--- Data records ---

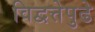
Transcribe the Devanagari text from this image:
विद्वत्तेपुढे
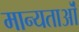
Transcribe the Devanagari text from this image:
मान्यताऒं
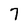
Character: 7
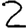
Digit: 2
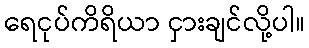
ရေငုပ်ကိရိယာ ငှားချင်လို့ပါ။
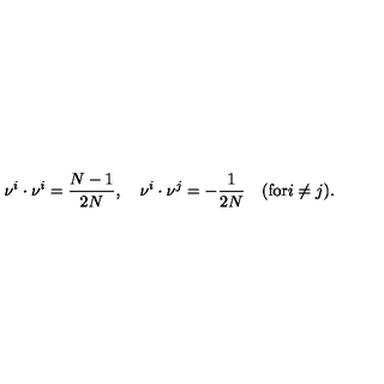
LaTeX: \nu ^ { i } \cdot \nu ^ { i } = { \frac { N - 1 } { 2 N } } , \quad \nu ^ { i } \cdot \nu ^ { j } = - { \frac { 1 } { 2 N } } \quad ( \mathrm { f o r } i \not = j ) .
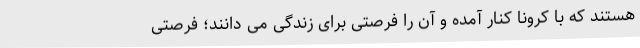
هستند که با کرونا کنار آمده و آن را فرصتی برای زندگی می دانند؛ فرصتی
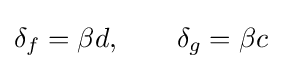
\delta _{f}=\beta d,\qquad \delta _{g}=\beta c
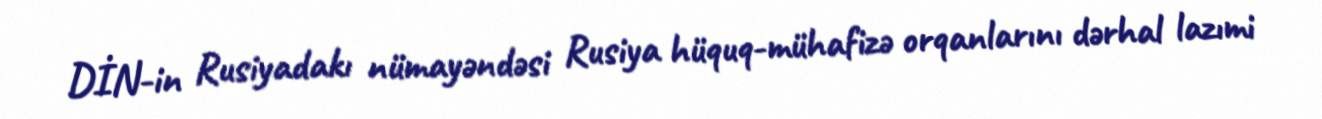
DİN-in Rusiyadakı nümayəndəsi Rusiya hüquq-mühafizə orqanlarını dərhal lazımi
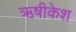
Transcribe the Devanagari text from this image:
ऋषीकेश
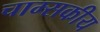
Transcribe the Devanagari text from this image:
चाम्सकीय
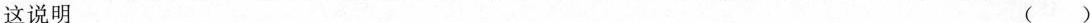
这说明 ( )
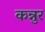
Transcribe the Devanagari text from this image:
कन्नुर
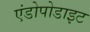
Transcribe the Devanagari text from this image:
एंडोपोडाइट
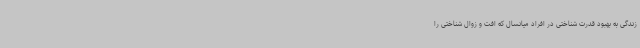
زندگی به بهبود قدرت شناختی در افراد میانسال که افت و زوال شناختی را
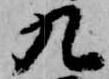
九
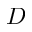
D
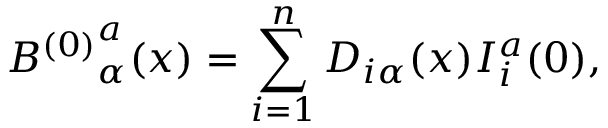
{ B ^ { ( 0 ) } } _ { \alpha } ^ { a } ( x ) = \sum _ { i = 1 } ^ { n } D _ { i \alpha } ( x ) I _ { i } ^ { a } ( 0 ) ,
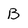
Character: B
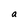
Character: a
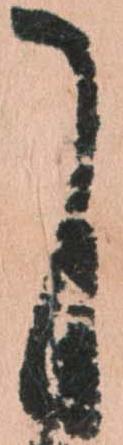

---

=== Instructions for the task ===
With the images omitted, retype the records above exactly.

=== Exercise output ===
Transcribe the Devanagari text from this image:
विद्वत्तेपुढे
Transcribe the Devanagari text from this image:
मान्यताऒं
Character: 7
Digit: 2
ရေငုပ်ကိရိယာ ငှားချင်လို့ပါ။
LaTeX: \nu ^ { i } \cdot \nu ^ { i } = { \frac { N - 1 } { 2 N } } , \quad \nu ^ { i } \cdot \nu ^ { j } = - { \frac { 1 } { 2 N } } \quad ( \mathrm { f o r } i \not = j ) .
هستند که با کرونا کنار آمده و آن را فرصتی برای زندگی می دانند؛ فرصتی
\delta _{f}=\beta d,\qquad \delta _{g}=\beta c
DİN-in Rusiyadakı nümayəndəsi Rusiya hüquq-mühafizə orqanlarını dərhal lazımi
Transcribe the Devanagari text from this image:
ऋषीकेश
Transcribe the Devanagari text from this image:
चाम्सकीय
这说明 ( )
Transcribe the Devanagari text from this image:
कन्नुर
Transcribe the Devanagari text from this image:
एंडोपोडाइट
زندگی به بهبود قدرت شناختی در افراد میانسال که افت و زوال شناختی را
九
D
{ B ^ { ( 0 ) } } _ { \alpha } ^ { a } ( x ) = \sum _ { i = 1 } ^ { n } D _ { i \alpha } ( x ) I _ { i } ^ { a } ( 0 ) ,
Character: B
Character: a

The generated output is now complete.